> [What is being asked]: Every line from the one holding "Board (FEN): 6k1/pp1Q1p1p/6p1/8/n1B1NP2/b1P1P3/1q3P1P/6K1" through the one holding "human: [hr_rgb_0.5]" in the data below must be returned exactly, both ends included, with pictures left out and nothing else added.
*** Opening of Extracted information ***
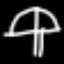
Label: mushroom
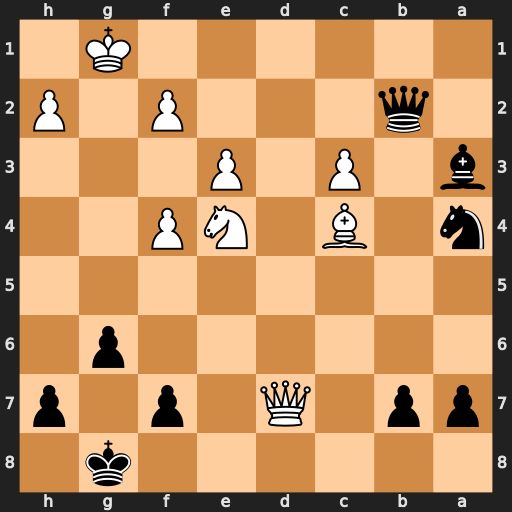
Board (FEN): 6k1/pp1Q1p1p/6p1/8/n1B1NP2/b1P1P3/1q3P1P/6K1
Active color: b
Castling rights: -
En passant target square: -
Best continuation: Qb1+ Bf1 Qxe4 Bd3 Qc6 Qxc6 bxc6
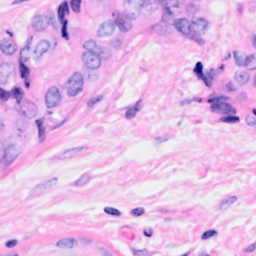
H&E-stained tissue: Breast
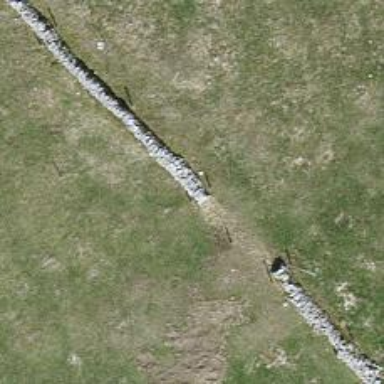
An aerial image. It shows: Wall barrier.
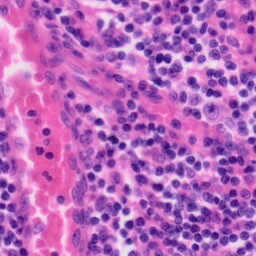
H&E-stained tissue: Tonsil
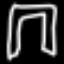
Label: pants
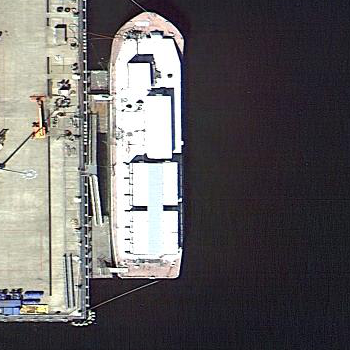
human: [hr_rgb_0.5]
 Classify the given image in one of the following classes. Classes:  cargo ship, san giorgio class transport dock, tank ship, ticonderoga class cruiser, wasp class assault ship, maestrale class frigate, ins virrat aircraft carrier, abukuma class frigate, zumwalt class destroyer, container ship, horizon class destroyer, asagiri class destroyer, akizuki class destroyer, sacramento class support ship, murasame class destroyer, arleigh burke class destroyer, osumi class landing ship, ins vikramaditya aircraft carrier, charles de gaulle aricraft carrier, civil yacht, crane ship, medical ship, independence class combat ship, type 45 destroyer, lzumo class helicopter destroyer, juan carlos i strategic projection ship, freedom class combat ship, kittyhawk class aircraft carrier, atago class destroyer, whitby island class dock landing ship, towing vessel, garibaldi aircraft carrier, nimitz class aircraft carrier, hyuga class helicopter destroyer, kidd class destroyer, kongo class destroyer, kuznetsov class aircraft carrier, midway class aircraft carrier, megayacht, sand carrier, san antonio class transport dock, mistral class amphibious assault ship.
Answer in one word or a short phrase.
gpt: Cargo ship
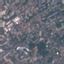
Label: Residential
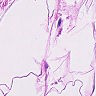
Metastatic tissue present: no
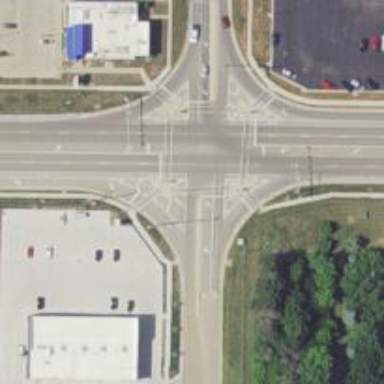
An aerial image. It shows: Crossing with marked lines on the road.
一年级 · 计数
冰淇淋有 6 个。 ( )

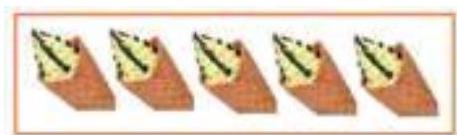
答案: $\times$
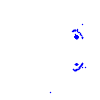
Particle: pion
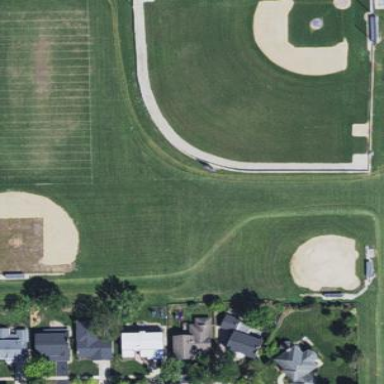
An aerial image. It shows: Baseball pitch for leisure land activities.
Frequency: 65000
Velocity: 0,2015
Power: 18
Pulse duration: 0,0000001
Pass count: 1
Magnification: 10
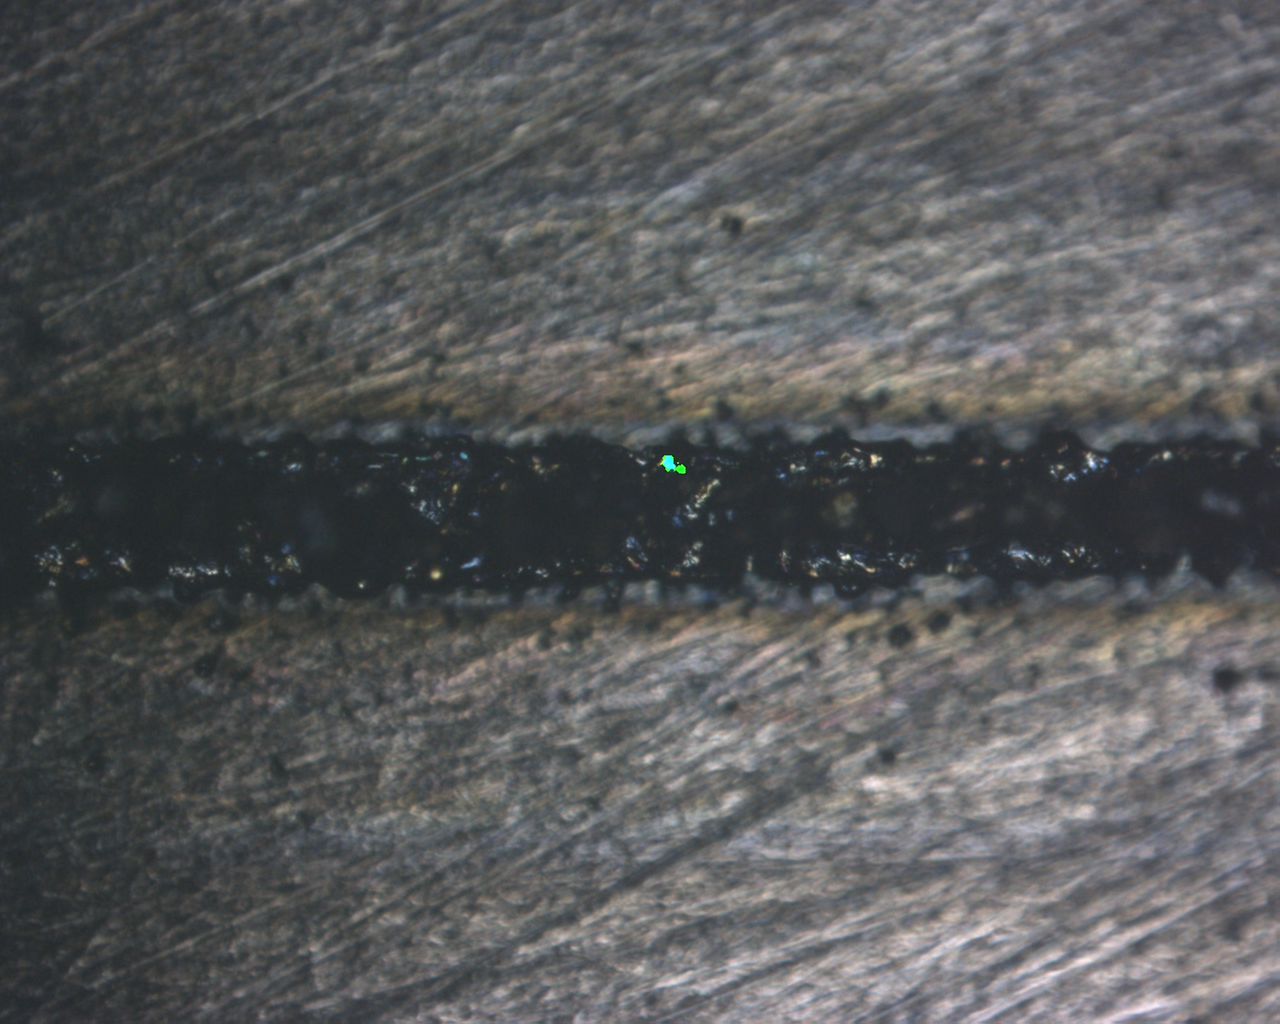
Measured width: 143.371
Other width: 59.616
*** Close of Extracted information ***
> [Task answer]:
Board (FEN): 6k1/pp1Q1p1p/6p1/8/n1B1NP2/b1P1P3/1q3P1P/6K1
Active color: b
Castling rights: -
En passant target square: -
Best continuation: Qb1+ Bf1 Qxe4 Bd3 Qc6 Qxc6 bxc6
H&E-stained tissue: Breast
An aerial image. It shows: Wall barrier.
H&E-stained tissue: Tonsil
Label: pants
human: [hr_rgb_0.5]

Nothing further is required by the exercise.